▶ _PROBLEM REQUIREMENTS_: Please return all lines in the listing holding the word "outdoors".
--- TASK MATERIAL ---
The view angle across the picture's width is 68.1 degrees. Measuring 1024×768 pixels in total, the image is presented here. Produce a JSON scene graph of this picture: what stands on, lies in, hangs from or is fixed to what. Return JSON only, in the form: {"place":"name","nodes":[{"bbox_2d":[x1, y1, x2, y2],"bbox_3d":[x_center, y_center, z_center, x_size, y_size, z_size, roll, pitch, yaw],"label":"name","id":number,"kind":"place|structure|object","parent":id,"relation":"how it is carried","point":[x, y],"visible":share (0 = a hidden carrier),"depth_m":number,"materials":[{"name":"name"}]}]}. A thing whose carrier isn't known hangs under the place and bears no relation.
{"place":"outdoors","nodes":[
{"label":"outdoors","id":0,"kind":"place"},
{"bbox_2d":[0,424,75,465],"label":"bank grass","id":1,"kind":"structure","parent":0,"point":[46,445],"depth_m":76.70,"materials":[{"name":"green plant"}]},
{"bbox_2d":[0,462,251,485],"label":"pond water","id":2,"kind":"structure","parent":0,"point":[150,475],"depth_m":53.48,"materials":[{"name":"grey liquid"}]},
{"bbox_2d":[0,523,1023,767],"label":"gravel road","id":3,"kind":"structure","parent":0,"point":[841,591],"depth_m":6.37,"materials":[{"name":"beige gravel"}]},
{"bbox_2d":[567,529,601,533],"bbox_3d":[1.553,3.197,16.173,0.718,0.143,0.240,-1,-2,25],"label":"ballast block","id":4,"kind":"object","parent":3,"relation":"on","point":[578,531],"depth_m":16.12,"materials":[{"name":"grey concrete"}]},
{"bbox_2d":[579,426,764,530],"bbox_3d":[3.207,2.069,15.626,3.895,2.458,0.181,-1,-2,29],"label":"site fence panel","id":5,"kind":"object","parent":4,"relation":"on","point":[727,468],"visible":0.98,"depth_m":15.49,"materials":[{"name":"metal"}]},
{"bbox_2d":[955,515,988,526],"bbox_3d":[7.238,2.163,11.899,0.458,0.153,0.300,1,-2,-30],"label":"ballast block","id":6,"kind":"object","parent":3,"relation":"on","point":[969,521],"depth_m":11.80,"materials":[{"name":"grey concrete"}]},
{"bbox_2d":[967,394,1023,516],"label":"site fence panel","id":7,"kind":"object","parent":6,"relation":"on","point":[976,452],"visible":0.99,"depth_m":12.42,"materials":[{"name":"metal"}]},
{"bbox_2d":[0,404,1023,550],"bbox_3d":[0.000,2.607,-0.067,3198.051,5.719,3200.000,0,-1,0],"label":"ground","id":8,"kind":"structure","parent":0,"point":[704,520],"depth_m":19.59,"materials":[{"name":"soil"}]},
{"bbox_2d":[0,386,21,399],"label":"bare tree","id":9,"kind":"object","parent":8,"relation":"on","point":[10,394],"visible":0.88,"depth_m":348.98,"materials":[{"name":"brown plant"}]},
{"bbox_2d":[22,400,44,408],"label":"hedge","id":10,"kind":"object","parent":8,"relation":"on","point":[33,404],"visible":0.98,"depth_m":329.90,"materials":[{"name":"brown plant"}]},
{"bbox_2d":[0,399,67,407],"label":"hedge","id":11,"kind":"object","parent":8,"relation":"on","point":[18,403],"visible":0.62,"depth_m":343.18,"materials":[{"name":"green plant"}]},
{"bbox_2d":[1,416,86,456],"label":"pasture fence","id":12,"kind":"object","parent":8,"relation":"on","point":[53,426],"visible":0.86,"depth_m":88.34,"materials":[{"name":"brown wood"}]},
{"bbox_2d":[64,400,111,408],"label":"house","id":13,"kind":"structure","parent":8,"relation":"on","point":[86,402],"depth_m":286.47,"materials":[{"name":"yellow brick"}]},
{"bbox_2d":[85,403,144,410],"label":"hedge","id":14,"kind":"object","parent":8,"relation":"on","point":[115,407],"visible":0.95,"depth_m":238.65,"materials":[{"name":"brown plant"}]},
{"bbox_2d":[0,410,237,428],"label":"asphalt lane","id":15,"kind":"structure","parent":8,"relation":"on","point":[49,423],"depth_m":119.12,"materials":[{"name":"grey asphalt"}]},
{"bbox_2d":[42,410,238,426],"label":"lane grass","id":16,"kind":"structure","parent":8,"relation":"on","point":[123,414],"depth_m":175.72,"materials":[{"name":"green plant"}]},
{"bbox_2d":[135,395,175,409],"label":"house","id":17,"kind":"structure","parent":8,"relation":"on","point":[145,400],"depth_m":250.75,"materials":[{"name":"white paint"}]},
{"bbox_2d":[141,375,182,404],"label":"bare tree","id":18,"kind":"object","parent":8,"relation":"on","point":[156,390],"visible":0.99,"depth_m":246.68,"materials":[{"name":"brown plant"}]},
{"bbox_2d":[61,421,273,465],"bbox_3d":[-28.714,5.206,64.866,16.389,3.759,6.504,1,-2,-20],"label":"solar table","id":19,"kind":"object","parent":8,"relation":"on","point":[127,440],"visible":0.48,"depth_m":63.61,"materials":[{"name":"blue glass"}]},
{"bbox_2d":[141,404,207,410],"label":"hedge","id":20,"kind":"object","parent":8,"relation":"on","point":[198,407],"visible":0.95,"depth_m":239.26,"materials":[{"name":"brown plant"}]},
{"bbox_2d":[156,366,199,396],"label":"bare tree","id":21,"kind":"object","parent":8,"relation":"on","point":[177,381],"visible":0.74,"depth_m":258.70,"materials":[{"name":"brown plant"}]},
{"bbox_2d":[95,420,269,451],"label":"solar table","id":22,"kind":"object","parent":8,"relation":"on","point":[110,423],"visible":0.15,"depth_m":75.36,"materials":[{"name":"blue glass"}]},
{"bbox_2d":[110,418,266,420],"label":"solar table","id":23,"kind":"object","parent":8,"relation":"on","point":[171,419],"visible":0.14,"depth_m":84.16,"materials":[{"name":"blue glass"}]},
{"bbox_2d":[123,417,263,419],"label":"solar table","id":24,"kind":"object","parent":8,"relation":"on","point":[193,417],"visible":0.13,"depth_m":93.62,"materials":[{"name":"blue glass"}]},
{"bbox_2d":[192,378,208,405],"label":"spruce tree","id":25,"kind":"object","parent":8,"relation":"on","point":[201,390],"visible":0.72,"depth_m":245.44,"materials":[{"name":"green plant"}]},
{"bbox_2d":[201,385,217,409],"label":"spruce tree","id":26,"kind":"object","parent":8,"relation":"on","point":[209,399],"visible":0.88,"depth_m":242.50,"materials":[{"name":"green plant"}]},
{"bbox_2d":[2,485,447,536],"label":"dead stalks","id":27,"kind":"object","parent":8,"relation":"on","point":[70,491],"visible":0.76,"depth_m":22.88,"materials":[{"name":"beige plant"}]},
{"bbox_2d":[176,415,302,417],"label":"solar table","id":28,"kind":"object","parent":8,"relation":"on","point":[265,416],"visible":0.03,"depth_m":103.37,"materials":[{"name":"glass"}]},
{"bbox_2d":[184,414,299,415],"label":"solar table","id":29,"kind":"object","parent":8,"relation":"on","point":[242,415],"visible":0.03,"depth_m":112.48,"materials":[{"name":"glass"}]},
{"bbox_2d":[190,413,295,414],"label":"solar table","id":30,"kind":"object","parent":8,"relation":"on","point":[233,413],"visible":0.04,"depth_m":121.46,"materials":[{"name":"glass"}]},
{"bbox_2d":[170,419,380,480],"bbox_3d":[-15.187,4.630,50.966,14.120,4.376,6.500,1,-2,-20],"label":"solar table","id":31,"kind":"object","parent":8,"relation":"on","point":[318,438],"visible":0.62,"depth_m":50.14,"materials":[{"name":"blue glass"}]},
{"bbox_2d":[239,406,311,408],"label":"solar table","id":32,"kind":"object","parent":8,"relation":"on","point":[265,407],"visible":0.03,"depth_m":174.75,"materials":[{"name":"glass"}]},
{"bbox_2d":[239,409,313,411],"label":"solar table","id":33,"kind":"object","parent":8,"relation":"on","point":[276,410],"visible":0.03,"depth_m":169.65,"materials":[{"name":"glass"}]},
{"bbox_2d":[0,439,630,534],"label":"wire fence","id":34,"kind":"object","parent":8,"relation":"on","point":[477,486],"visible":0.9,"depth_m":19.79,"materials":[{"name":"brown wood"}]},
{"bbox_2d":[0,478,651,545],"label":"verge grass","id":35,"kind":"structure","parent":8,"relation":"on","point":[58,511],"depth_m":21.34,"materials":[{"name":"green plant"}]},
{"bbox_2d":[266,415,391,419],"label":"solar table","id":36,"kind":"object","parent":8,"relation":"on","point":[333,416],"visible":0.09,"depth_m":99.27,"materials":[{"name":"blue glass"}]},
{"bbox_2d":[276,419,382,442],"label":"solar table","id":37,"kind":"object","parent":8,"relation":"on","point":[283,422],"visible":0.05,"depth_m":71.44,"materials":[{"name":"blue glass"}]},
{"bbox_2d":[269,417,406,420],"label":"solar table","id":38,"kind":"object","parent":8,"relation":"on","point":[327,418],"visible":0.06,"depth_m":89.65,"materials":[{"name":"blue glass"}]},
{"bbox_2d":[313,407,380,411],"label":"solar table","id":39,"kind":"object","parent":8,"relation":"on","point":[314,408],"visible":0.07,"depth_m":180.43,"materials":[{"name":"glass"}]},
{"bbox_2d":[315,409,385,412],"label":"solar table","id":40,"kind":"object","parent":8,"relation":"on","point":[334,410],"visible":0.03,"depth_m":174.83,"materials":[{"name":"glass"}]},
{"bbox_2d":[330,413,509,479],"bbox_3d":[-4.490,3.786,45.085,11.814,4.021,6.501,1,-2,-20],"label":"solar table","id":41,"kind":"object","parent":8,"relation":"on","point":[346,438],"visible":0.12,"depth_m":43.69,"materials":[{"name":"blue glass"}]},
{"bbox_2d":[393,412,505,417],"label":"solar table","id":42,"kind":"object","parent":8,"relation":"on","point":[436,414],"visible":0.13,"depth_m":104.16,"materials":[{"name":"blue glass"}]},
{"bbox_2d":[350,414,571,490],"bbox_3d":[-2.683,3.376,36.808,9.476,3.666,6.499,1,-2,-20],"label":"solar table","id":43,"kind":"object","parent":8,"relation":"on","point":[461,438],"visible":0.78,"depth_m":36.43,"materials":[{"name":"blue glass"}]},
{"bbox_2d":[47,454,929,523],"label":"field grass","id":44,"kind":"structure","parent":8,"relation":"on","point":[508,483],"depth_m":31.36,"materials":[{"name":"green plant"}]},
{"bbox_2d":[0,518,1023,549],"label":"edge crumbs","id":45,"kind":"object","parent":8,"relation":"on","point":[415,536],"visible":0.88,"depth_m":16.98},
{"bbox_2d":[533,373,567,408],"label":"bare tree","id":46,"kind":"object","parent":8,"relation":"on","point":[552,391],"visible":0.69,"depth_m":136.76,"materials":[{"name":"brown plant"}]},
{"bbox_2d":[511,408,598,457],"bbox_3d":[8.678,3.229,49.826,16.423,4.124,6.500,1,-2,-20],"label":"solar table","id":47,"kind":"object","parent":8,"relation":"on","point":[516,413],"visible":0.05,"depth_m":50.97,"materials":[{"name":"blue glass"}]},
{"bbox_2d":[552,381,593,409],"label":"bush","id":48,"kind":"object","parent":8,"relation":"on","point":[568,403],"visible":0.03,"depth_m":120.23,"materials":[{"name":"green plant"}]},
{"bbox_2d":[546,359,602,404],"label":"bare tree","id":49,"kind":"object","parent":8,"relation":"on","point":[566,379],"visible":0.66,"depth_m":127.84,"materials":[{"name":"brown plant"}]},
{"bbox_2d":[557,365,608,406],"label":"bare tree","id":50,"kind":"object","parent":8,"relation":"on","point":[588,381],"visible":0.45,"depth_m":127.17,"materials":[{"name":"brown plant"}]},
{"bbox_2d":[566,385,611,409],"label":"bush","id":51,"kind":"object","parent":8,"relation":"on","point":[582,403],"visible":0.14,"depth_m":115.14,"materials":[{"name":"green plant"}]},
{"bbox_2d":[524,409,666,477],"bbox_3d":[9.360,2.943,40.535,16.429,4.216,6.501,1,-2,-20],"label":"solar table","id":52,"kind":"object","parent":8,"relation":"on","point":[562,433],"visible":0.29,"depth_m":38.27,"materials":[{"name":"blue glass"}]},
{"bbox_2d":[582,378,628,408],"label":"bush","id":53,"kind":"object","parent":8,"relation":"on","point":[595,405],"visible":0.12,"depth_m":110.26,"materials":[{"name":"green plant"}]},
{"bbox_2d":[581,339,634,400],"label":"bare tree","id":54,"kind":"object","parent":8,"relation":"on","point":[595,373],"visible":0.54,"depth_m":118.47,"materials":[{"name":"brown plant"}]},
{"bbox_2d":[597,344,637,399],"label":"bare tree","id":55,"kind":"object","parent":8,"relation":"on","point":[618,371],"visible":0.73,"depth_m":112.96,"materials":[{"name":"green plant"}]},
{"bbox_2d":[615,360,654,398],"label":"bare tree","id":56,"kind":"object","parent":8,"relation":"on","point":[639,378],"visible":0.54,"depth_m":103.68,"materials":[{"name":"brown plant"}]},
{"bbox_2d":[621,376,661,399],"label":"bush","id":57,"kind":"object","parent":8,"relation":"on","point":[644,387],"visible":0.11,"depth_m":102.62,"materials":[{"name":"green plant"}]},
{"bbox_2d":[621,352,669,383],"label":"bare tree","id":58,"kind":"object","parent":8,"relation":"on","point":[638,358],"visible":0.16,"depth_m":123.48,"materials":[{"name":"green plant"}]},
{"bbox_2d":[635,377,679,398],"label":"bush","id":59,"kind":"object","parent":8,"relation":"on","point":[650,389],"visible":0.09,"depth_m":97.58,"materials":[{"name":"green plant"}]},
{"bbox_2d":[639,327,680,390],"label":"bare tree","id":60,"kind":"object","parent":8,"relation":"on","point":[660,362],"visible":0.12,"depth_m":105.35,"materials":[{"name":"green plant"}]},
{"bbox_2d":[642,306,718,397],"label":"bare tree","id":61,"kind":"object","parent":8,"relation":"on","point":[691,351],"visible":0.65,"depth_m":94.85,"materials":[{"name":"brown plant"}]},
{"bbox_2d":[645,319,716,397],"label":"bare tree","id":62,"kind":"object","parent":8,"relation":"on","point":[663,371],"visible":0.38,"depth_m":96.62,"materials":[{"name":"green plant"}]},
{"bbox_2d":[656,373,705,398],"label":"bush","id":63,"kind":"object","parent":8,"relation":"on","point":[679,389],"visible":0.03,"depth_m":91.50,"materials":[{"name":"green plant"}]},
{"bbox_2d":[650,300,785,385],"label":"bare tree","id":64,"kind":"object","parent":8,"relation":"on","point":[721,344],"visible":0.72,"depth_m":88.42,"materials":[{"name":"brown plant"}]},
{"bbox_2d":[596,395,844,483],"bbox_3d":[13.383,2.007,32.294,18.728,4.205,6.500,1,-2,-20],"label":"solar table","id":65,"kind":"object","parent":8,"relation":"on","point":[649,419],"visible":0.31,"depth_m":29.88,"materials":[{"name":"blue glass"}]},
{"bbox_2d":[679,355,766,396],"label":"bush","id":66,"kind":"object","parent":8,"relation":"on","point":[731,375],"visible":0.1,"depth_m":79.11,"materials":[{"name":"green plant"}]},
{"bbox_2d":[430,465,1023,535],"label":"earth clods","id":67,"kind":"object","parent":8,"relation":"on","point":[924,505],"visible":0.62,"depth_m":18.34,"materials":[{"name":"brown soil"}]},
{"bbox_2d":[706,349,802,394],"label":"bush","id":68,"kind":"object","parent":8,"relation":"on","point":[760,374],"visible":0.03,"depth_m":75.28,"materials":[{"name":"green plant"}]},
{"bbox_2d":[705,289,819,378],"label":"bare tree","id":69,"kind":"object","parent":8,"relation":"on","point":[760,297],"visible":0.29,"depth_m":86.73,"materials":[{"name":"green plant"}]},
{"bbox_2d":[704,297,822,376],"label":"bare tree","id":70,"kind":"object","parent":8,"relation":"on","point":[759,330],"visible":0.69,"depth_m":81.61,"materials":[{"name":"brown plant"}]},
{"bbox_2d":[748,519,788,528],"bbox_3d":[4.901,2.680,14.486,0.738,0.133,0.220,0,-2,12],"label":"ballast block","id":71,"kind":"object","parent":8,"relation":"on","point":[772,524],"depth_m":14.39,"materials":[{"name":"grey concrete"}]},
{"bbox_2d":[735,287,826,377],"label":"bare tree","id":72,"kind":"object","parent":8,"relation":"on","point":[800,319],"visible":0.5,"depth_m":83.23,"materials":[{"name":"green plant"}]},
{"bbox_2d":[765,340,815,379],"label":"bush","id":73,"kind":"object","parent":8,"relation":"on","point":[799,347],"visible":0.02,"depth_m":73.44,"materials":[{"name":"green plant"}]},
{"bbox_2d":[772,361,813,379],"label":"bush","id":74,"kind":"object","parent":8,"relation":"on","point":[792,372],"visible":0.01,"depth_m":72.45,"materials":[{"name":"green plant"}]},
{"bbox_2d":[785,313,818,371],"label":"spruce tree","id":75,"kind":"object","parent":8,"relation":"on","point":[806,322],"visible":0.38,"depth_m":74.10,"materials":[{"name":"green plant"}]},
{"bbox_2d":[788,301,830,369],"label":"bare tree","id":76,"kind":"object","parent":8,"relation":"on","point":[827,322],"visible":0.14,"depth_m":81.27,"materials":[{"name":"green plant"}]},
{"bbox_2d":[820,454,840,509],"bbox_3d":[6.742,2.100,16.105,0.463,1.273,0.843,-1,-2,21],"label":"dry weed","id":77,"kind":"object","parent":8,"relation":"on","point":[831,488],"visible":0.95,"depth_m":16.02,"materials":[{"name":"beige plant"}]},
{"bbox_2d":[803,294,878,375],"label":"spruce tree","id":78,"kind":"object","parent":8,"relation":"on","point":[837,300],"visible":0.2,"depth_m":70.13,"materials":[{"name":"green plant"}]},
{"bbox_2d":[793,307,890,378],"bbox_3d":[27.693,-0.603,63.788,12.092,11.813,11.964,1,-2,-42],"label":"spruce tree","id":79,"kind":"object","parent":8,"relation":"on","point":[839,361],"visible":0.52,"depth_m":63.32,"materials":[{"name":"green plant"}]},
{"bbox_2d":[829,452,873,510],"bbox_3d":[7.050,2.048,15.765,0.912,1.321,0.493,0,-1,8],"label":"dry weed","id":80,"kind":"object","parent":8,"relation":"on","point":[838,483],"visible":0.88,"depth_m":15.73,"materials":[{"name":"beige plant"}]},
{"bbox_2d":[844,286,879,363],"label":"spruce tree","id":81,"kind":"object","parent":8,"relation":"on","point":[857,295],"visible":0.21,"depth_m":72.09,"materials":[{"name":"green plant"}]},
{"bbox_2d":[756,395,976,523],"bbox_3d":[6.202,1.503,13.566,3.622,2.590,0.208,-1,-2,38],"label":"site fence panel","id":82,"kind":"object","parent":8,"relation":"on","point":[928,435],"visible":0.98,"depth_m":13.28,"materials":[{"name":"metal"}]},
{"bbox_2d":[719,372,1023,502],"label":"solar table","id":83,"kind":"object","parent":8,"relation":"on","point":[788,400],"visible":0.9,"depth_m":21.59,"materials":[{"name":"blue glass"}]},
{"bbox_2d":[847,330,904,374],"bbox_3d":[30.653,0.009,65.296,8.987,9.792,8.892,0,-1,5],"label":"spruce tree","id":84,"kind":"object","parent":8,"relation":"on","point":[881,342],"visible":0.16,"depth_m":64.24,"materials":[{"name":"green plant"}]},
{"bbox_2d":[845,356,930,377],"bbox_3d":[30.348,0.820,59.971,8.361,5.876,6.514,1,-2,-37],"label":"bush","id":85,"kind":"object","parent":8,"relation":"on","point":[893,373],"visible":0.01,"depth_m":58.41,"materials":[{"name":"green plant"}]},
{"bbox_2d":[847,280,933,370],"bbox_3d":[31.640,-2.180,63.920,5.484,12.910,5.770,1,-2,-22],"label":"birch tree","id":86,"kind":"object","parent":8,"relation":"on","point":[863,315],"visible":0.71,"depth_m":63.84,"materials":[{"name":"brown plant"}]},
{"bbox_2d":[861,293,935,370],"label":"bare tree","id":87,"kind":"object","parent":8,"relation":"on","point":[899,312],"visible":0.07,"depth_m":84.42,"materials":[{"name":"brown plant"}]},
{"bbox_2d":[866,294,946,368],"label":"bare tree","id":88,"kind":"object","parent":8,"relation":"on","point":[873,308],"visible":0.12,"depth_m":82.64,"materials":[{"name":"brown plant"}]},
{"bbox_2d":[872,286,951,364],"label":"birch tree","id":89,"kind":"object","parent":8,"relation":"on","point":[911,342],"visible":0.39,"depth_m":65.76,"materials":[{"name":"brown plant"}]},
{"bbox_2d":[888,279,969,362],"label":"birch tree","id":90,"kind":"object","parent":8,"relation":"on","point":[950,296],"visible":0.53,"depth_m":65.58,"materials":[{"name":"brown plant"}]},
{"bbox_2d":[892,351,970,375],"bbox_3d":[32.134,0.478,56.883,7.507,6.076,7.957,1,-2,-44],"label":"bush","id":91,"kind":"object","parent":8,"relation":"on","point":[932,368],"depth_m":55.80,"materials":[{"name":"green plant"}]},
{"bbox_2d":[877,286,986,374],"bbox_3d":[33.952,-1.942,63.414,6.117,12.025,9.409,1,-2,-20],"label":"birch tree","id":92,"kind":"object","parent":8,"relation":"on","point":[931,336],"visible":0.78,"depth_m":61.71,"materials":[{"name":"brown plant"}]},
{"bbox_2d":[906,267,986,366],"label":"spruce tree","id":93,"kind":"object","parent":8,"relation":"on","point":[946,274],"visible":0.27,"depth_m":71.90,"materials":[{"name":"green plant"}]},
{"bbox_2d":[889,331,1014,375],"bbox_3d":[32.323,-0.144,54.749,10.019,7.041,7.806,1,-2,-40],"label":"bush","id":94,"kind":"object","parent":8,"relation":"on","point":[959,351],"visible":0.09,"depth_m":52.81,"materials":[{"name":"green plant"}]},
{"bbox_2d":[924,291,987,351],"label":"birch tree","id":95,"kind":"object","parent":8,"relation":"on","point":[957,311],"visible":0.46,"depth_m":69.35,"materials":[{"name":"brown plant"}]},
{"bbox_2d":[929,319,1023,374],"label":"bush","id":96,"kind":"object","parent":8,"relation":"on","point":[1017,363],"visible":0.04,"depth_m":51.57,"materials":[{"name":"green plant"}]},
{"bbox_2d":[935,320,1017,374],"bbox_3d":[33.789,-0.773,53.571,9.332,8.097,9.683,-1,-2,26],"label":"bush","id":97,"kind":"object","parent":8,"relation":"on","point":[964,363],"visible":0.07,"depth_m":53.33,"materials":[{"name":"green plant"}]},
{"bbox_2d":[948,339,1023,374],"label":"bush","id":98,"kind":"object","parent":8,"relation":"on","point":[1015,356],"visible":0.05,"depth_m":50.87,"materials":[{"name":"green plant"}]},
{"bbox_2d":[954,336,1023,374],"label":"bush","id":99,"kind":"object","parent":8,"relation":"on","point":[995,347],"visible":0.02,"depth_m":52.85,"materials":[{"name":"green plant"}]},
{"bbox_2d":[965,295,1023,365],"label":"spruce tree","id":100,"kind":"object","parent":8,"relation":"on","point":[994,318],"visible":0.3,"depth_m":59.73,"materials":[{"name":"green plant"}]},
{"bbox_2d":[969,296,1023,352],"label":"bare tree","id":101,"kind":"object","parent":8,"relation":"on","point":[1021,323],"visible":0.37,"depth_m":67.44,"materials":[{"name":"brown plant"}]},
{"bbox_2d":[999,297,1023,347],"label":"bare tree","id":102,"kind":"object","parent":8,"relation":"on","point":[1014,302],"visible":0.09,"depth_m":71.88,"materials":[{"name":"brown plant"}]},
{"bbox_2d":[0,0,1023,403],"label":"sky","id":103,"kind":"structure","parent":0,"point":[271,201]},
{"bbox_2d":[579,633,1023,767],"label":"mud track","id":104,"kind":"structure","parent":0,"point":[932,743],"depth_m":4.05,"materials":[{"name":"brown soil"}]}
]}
---
▶ _FINISHED TASK_:
{"place":"outdoors","nodes":[
{"label":"outdoors","id":0,"kind":"place"},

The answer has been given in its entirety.